The real enemy here is bad game design, not skills, and not classes. Aion is a good example of a poorly designed class system since it has no talent trees, no attributes to adjust, and no skills to choose. UO, in its early days, was an example of a bad skill system. There was no cap on skills. A hardcore player could make GM in every skill they were interested in and then fill every role available. To make matters worse it could all be done with overnight macros.
There are also complications that come into the game design that can make class systems have some real world advantages. Artistic theme is a big one. Druids can have class specific gear that is all leafy and natural. Warriors can have thematic gear that makes them look like a tin can. Like others have said, a game needs character and that is one thing that classes can provide.
Another side effect of a skill based game is how to handle respecs. A respec can allow the player to completely change their primary role making a respec much more significant than you would see in a class respec which will most likely be a much smaller change to your character overall. Game designers of skill based games are much less likely to give out respecs and whether you like respec or not, there are a lot of people who do like them. Its a feature that is much easier to justify in a class based game.
Personally, the number one aspect of class based games that I like are the big overpowered rule breaking abilities. Things like the Paladin's bubble, the healer's resurrect, the warrior's charge. If you make those available to everyone so that they can charge, bubble, resurrect, hold (ex. WoW's sheep), heal, and do everything under the sun then it can away a lot of the strategic significance that can make a game deep and interesting. With a class system these overpowered abilities can be balanced individually with weaknesses in other areas.
Again, I'm mostly just playing devil's advocate and really do like skill systems. So don't crucify me for disagreeing. I've designed board games both ways and have come to appreciate the pros and cons of either method. When it comes to MMOG's my favorites have always been the skill based games like UO, AC, and FE.
Interesting, I am one step away from clarifying my idea ;p.
My idea of a good skill system is basically a class based system backwards...I know XD
The thing that the skill based system has is exactly what you said, the character experienced a little bit of warrior and is fine with it, but doesn't want it to be his main focus, so he changes to learn a few archer abilities, he then realizes he loves sniping people and hiding from afar so he chooses to specialize in that role and leave warrior as a secondary skill.
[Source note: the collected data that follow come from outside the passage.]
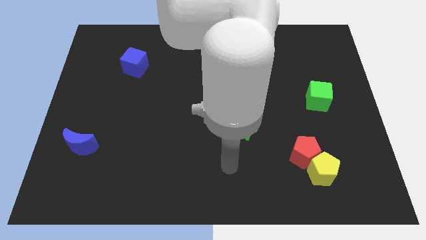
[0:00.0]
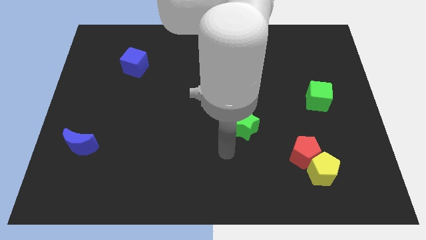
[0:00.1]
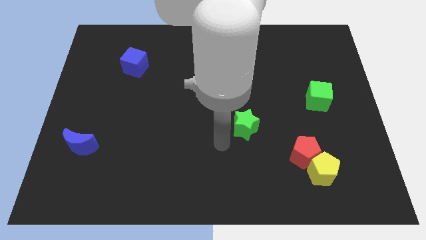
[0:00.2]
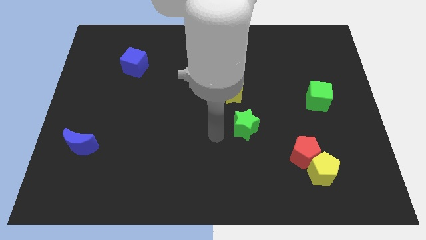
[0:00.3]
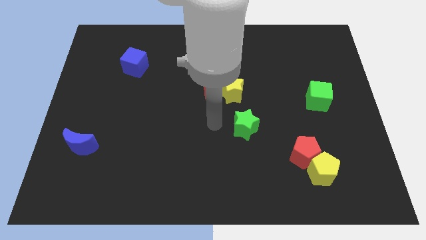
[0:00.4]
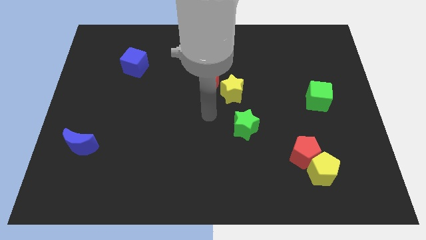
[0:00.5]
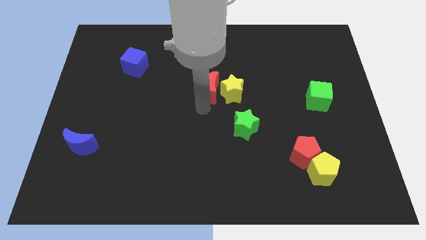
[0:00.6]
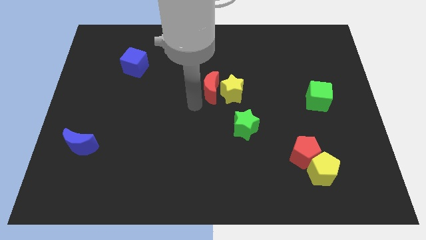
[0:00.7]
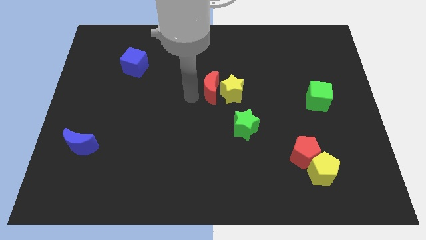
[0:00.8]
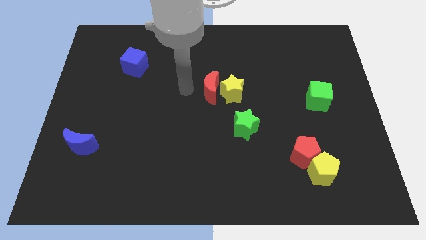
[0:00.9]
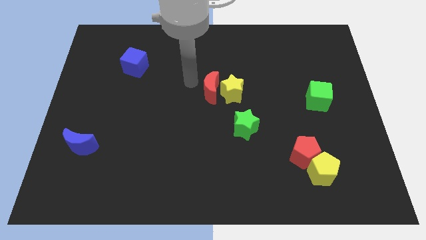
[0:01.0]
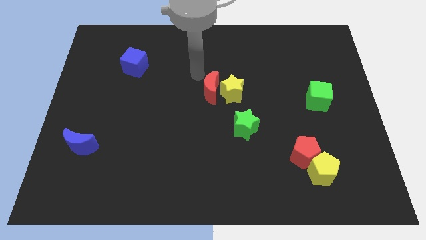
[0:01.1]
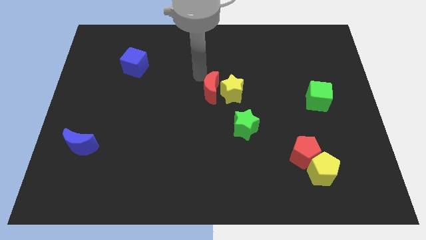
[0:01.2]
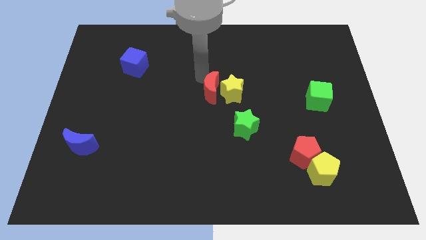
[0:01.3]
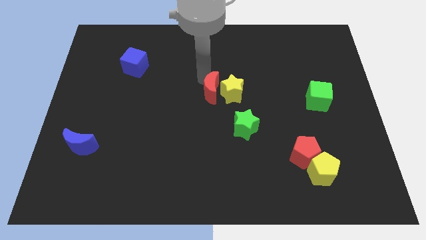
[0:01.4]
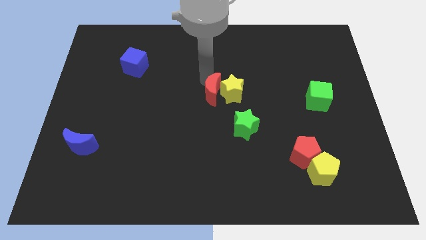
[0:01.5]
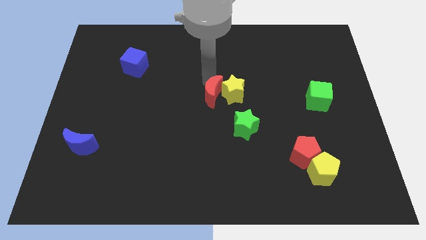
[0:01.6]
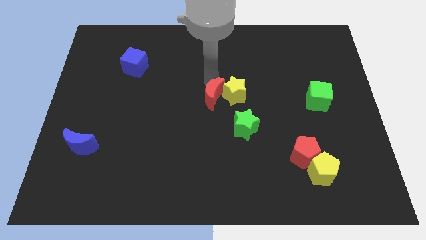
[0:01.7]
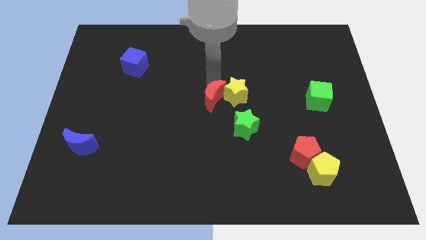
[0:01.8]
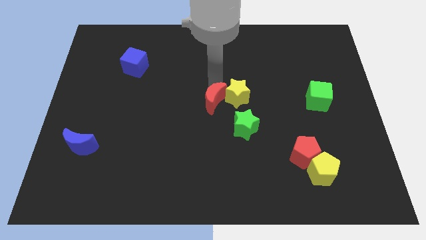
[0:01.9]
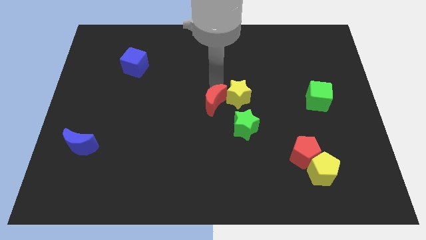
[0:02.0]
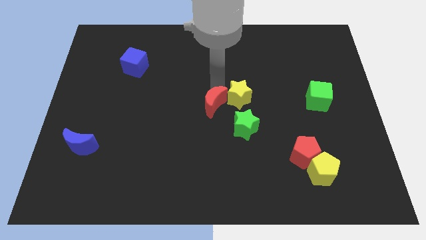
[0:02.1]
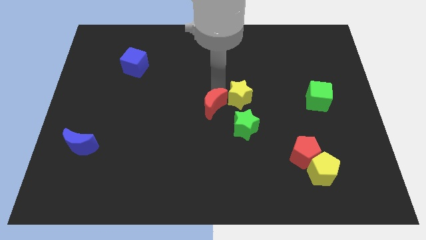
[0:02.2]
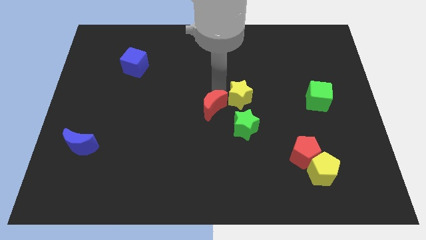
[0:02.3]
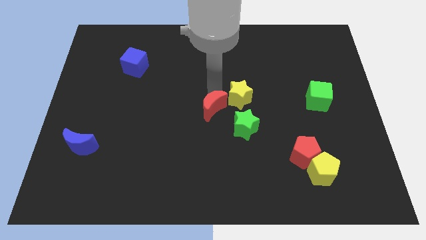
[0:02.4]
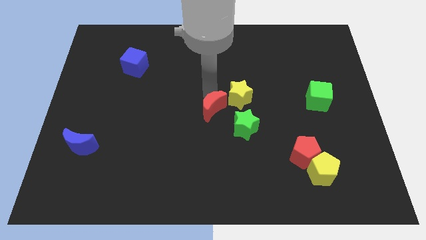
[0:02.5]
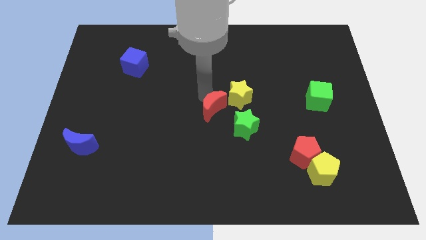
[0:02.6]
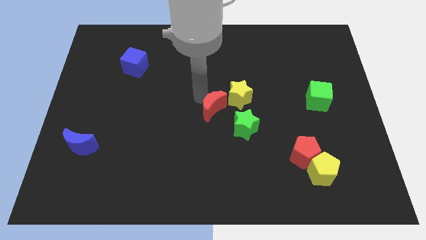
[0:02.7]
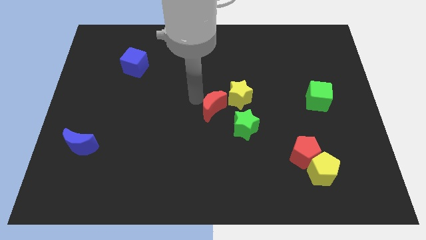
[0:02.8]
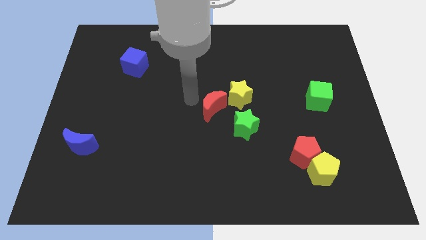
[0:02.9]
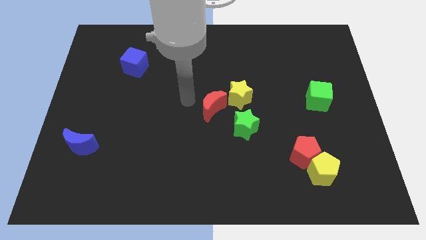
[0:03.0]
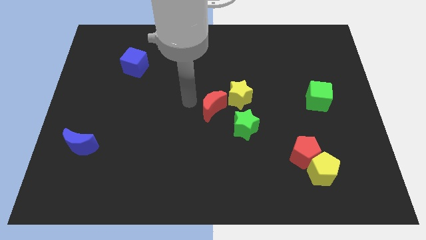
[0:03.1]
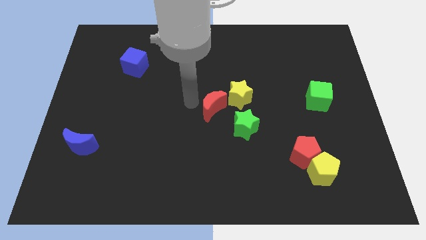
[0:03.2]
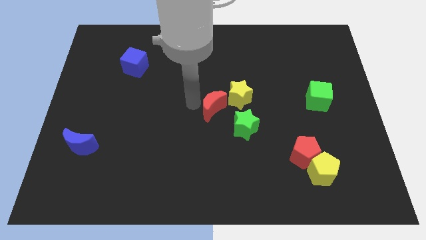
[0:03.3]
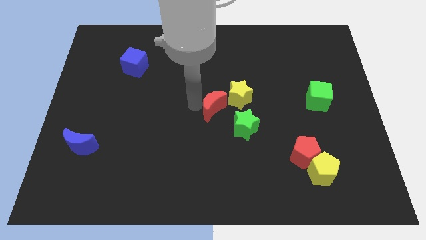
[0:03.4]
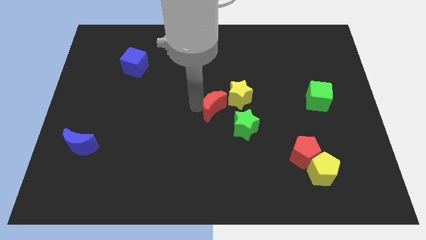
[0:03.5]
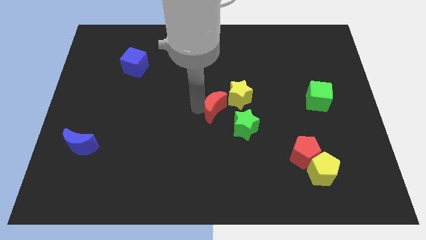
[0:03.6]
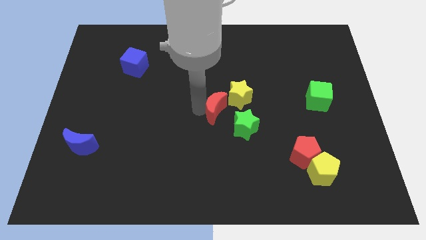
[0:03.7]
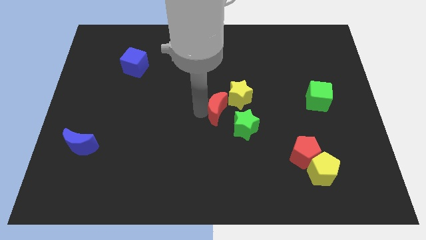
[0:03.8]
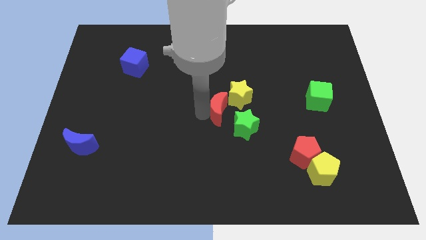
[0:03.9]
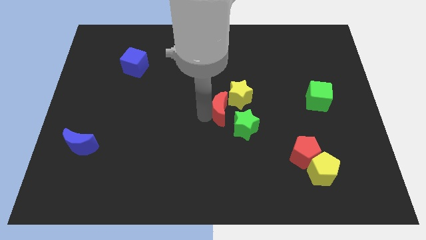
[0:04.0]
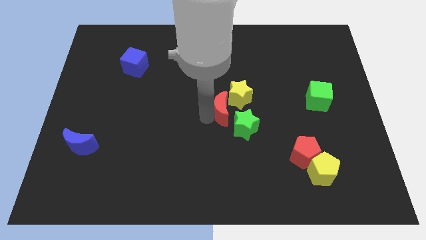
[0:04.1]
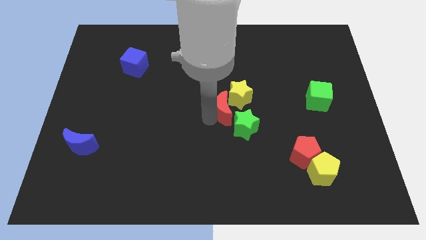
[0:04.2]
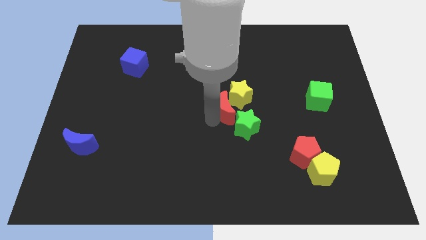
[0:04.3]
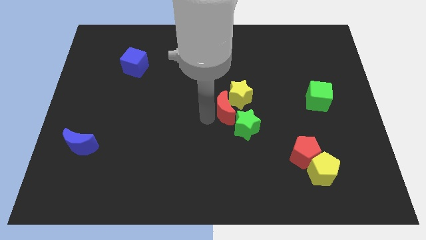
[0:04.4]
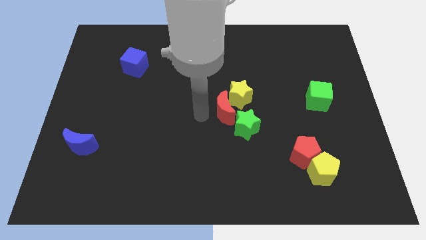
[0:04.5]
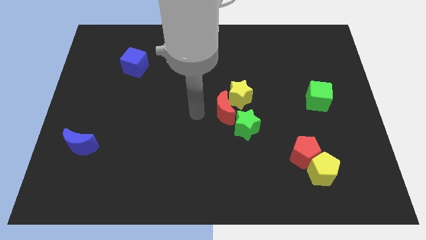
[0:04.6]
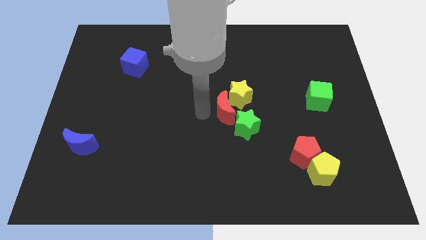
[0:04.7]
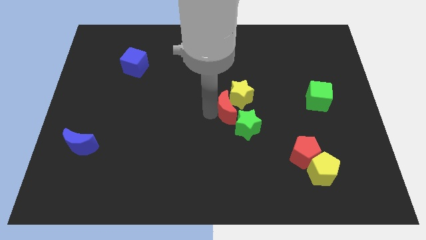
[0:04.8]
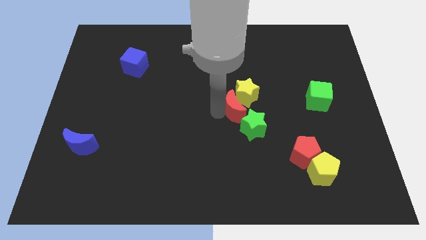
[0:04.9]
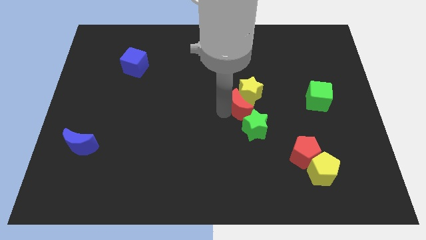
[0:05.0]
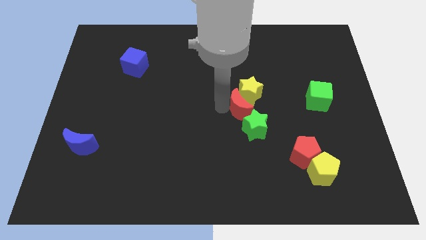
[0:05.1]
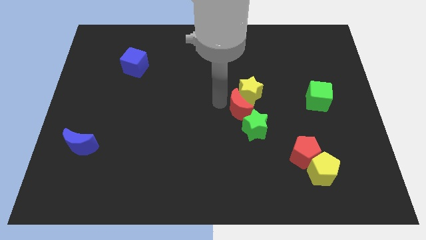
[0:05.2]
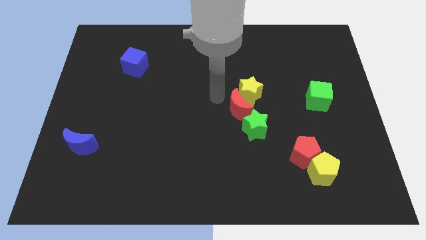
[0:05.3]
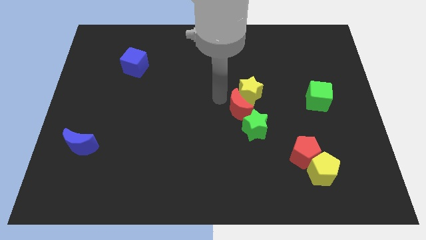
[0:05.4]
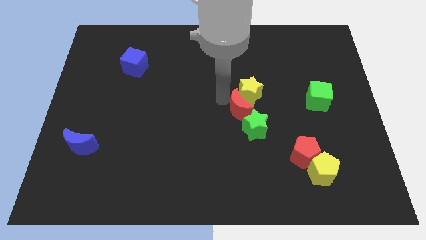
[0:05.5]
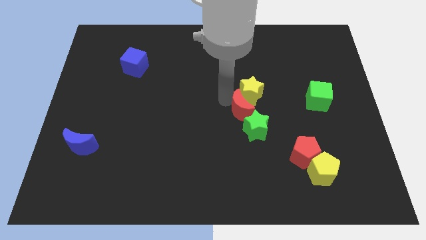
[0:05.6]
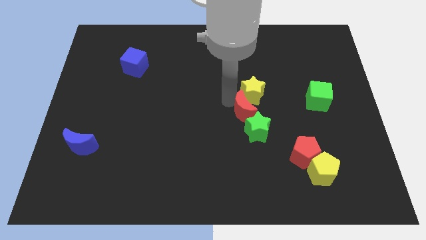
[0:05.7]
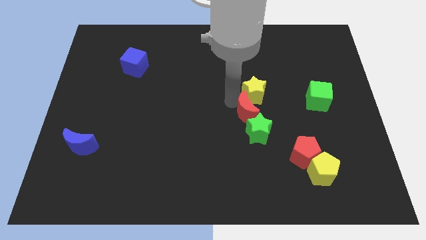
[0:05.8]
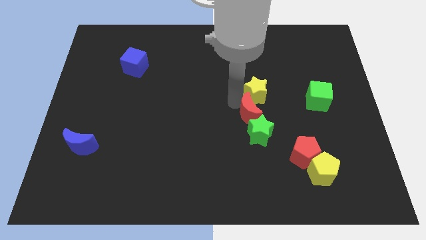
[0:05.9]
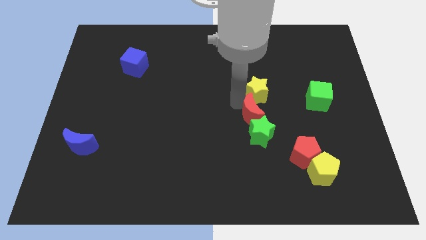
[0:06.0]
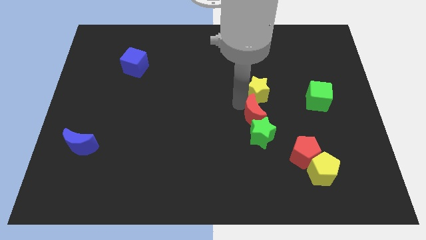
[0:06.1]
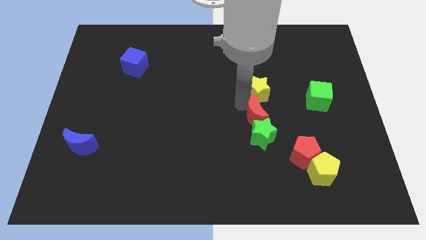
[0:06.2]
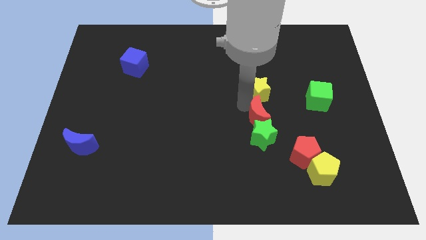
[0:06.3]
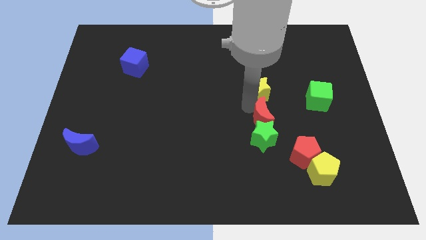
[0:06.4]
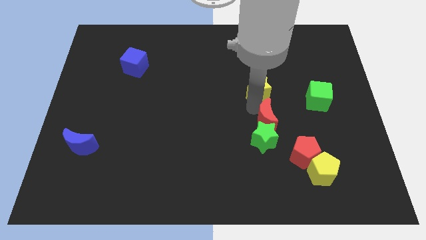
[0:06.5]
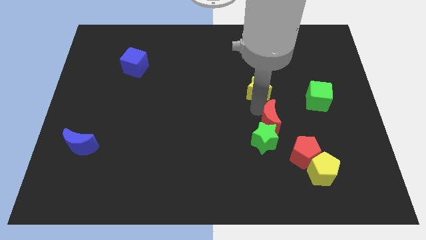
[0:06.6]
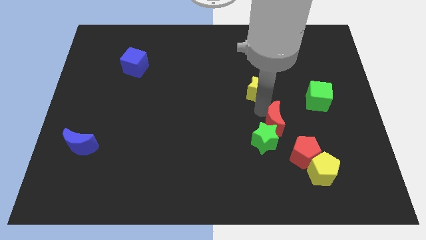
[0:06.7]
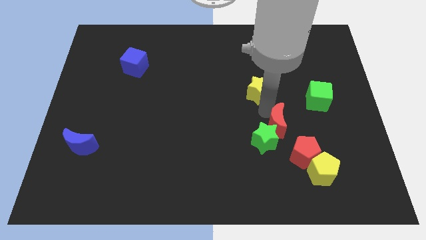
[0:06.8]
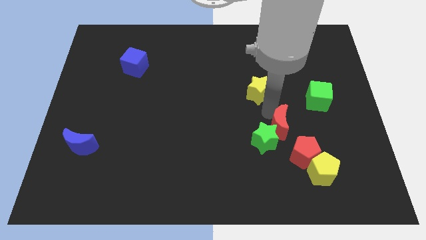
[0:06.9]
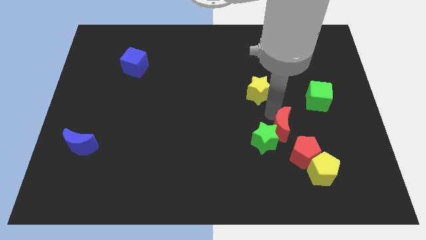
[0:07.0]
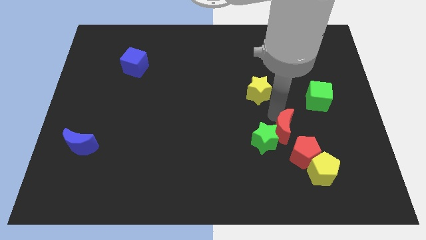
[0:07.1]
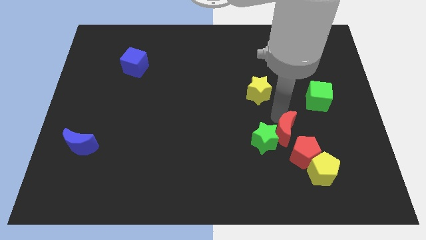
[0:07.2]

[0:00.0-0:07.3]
move the red moon to the top left of the yellow pentagon

In a class based system you would be forced to play as a warrior as your primary role, but in skill based system you could choose your primary role over time after tasting every skill, this could easily be done if for each 5 levels you advanced, you could choose to RELOCATE a skill point you might not like, maybe you tried out warrior, archer and mage, but you decide to stick with 1st -archer/ 2nd -mage, so you use your relocating items to relocate a few points from warrior which you don't really need that much to become much better at your chosen skills.
At the end when you reached an extreme, advanced enough in one or two orientations (Warrior, archer, mage) you would be given an spectacular ability like you said.
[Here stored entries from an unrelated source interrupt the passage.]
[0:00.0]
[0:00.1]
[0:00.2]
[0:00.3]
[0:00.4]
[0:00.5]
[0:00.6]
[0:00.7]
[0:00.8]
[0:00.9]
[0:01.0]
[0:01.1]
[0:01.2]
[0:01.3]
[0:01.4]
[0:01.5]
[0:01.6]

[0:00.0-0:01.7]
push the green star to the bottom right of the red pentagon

In class based system you are forced to choose without knowing how your play style will be forced to be, while in a WELL MADE skill based system you can choose what to be overtime as you experiment.
So yeah I agree with you, its all thanks to poor game design from the developers, an MMO should be made thinking about the crucial features from the start instead of your typical target and attack MMO template (wow, RoM, Allods and probably many more I haven't bothered with).